Assigned task
Return only those lines of the records below in which "take" appears.

Excerpts from a dataset

__________________________________________________

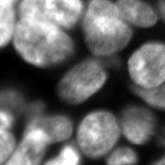
Tissue sample: ovarian
Magnification: 5.0x
Cell type: Ovary cancer cells
Senescence state: normal
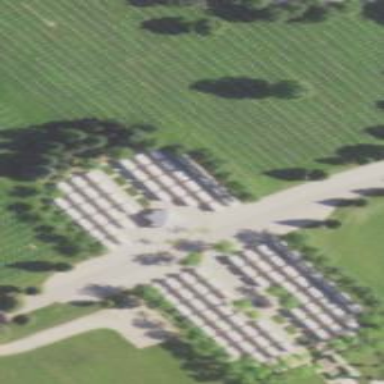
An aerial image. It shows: Columbarium tomb with historical significance.
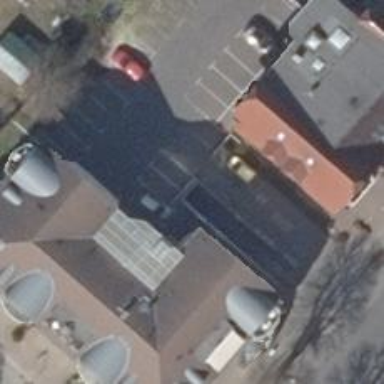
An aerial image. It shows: Parking entrance.
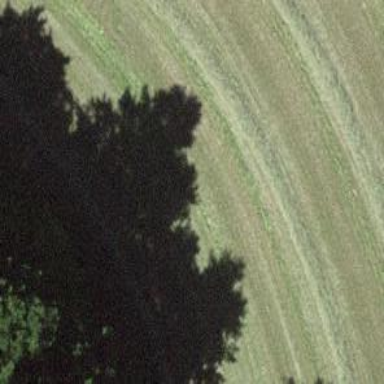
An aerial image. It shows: Grass track with grade 5 tracktype.
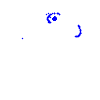
Particle: electron
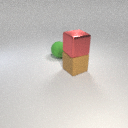
large brown rubber cube below large red metal cube
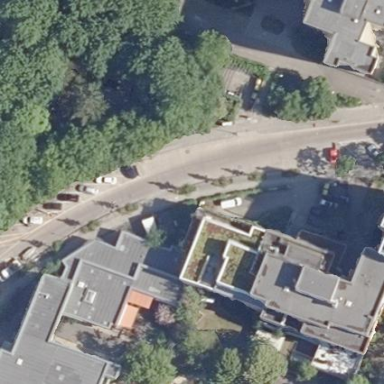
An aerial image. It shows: Kindergarten building.
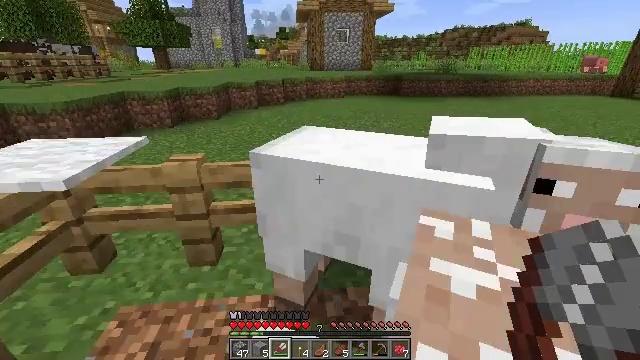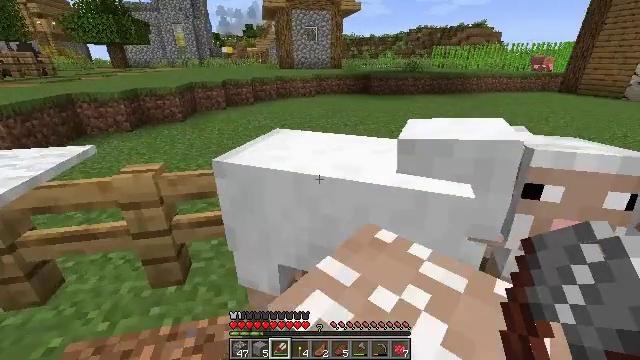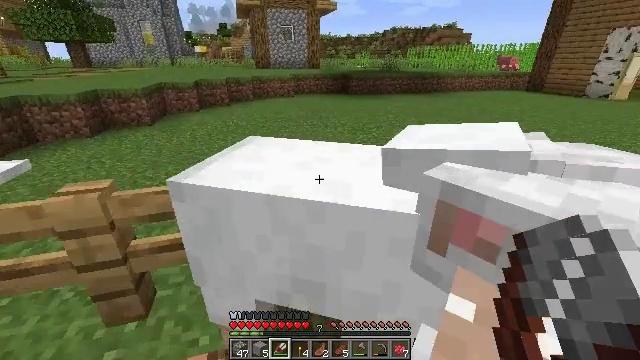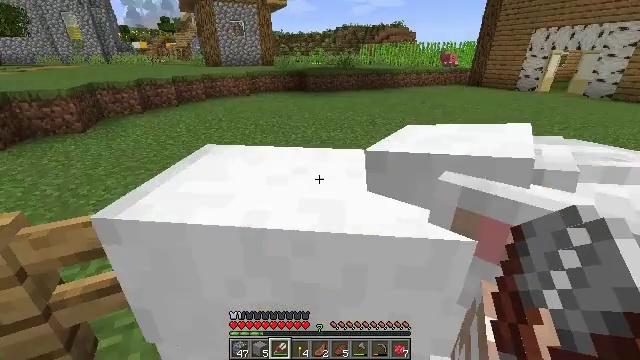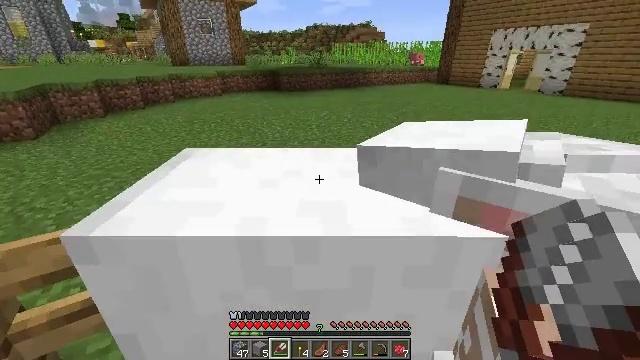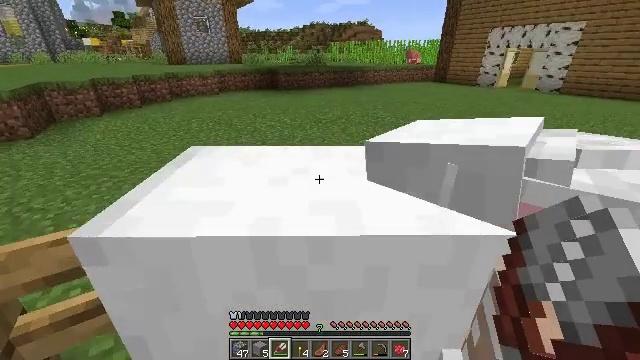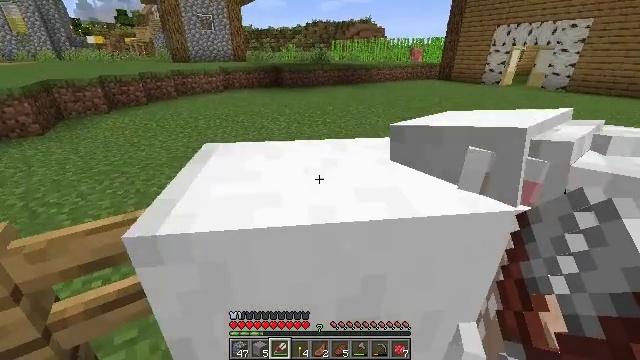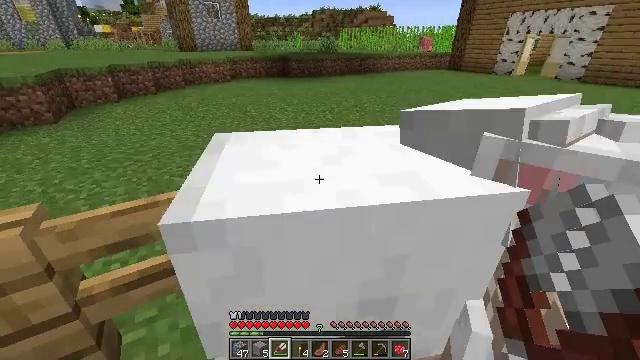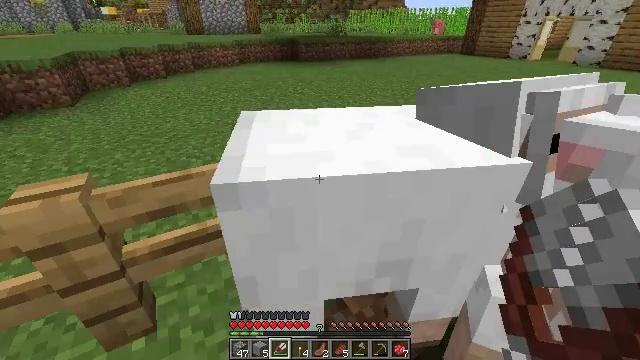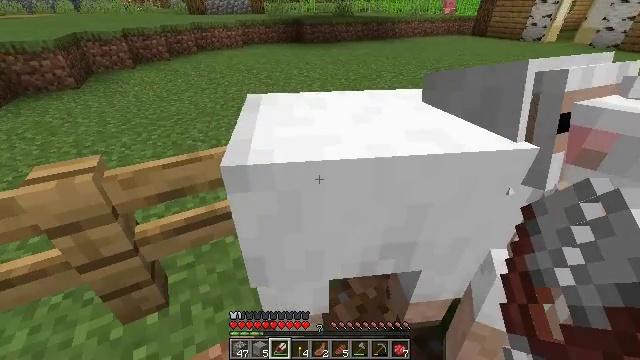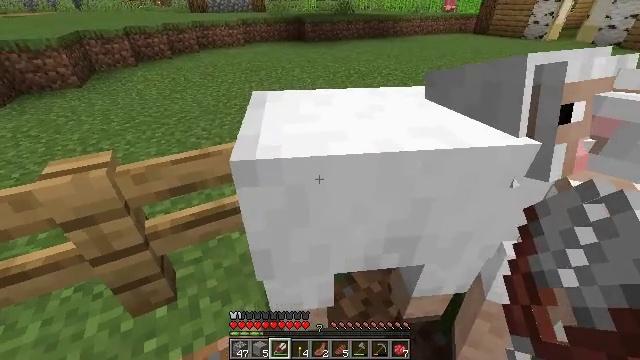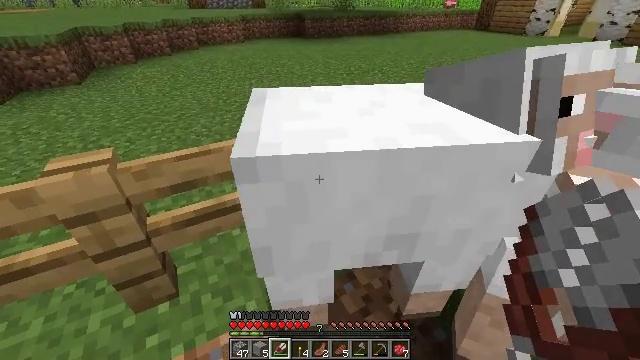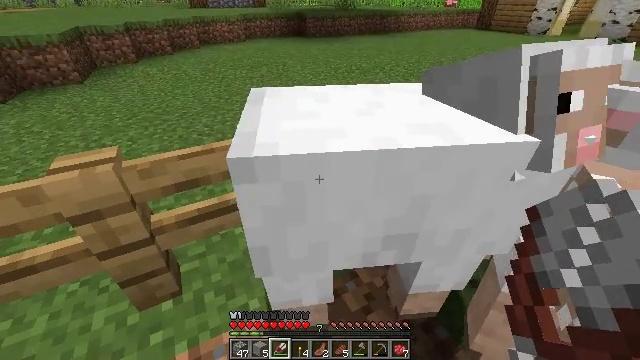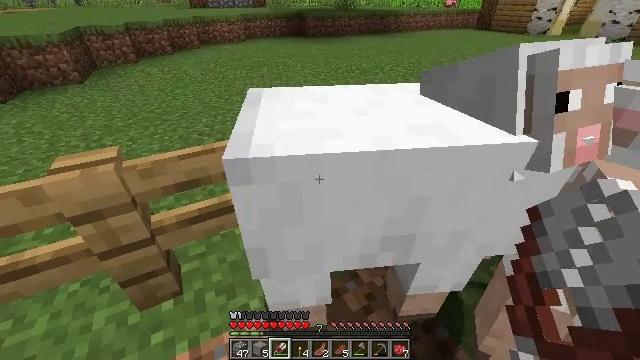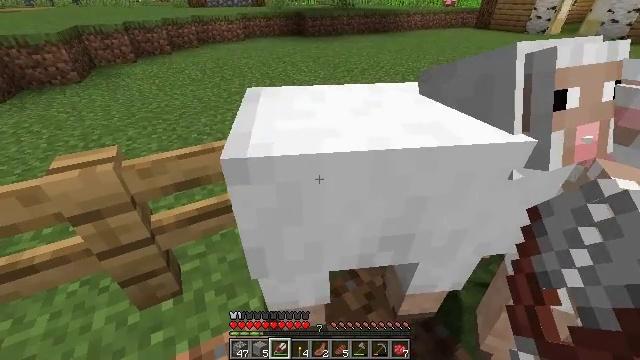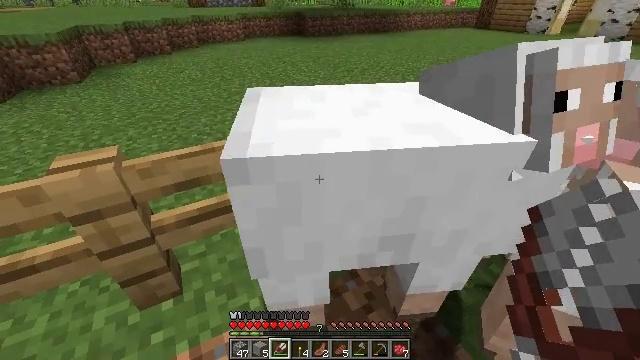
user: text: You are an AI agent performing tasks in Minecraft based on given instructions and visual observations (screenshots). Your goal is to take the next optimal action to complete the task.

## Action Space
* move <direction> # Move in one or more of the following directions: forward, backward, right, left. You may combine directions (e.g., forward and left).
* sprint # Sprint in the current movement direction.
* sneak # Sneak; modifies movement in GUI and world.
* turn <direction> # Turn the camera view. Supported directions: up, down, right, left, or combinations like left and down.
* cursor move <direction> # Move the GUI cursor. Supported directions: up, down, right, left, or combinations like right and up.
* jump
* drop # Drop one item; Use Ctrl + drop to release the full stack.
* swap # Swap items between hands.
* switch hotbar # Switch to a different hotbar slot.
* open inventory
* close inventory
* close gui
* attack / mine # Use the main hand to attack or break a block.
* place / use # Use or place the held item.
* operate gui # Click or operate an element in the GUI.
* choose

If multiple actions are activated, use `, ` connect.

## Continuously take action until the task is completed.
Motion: motion action
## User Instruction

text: Craft an iron door.
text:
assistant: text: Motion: move forward, turn right
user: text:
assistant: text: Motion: move forward, turn right
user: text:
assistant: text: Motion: turn right
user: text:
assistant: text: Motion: turn right
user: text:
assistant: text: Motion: no_op
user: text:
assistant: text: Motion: no_op
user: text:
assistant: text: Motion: turn left and down
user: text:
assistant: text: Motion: turn left and down
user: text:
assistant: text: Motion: turn left and down
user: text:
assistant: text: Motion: no_op
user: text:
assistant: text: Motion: use / place
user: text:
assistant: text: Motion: use / place
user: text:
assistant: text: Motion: use / place
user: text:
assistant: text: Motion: use / place
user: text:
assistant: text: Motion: no_op
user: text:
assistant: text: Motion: no_op
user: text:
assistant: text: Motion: no_op
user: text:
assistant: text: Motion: no_op
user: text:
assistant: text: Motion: no_op
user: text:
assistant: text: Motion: no_op
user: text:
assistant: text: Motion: no_op
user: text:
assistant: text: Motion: no_op
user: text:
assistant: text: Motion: no_op
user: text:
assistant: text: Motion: move forward
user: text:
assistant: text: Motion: move forward
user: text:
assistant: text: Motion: move forward, turn right
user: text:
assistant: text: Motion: move forward
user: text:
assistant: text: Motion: move forward
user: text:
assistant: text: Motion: move forward
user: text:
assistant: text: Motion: move forward
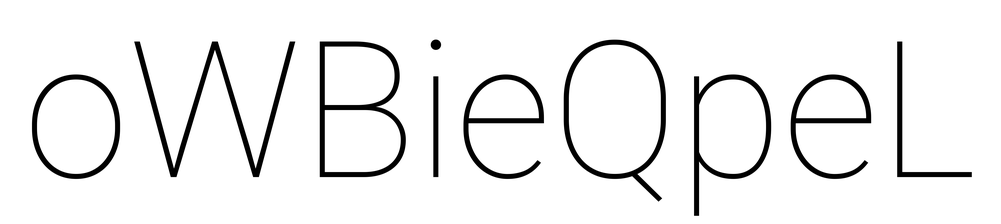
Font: Roboto_Thin
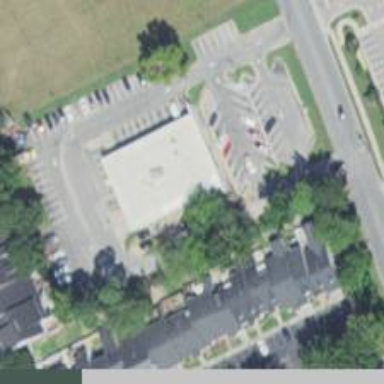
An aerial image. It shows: Post office.
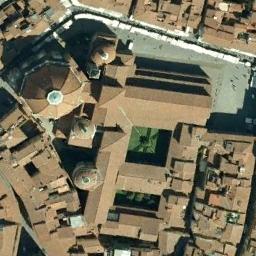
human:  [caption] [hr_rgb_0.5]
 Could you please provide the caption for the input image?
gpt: A tan cross-shaped roof with a dome-shaped church on the main house, Surrounded by buildings, Roads and cars .

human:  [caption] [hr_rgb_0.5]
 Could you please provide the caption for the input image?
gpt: This is a circular church .

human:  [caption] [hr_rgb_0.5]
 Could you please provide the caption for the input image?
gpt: The church with some pointed towers and an octagon tower and the rest of the church has some orange sloping roofs .

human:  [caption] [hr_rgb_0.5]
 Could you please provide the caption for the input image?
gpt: There is a church with a red circular roof .

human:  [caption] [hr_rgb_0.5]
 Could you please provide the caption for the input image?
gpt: A church with a brown round roof beside many brown buildings .
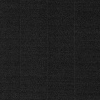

__________________________________________________

Result below
user: text: You are an AI agent performing tasks in Minecraft based on given instructions and visual observations (screenshots). Your goal is to take the next optimal action to complete the task.
## Continuously take action until the task is completed.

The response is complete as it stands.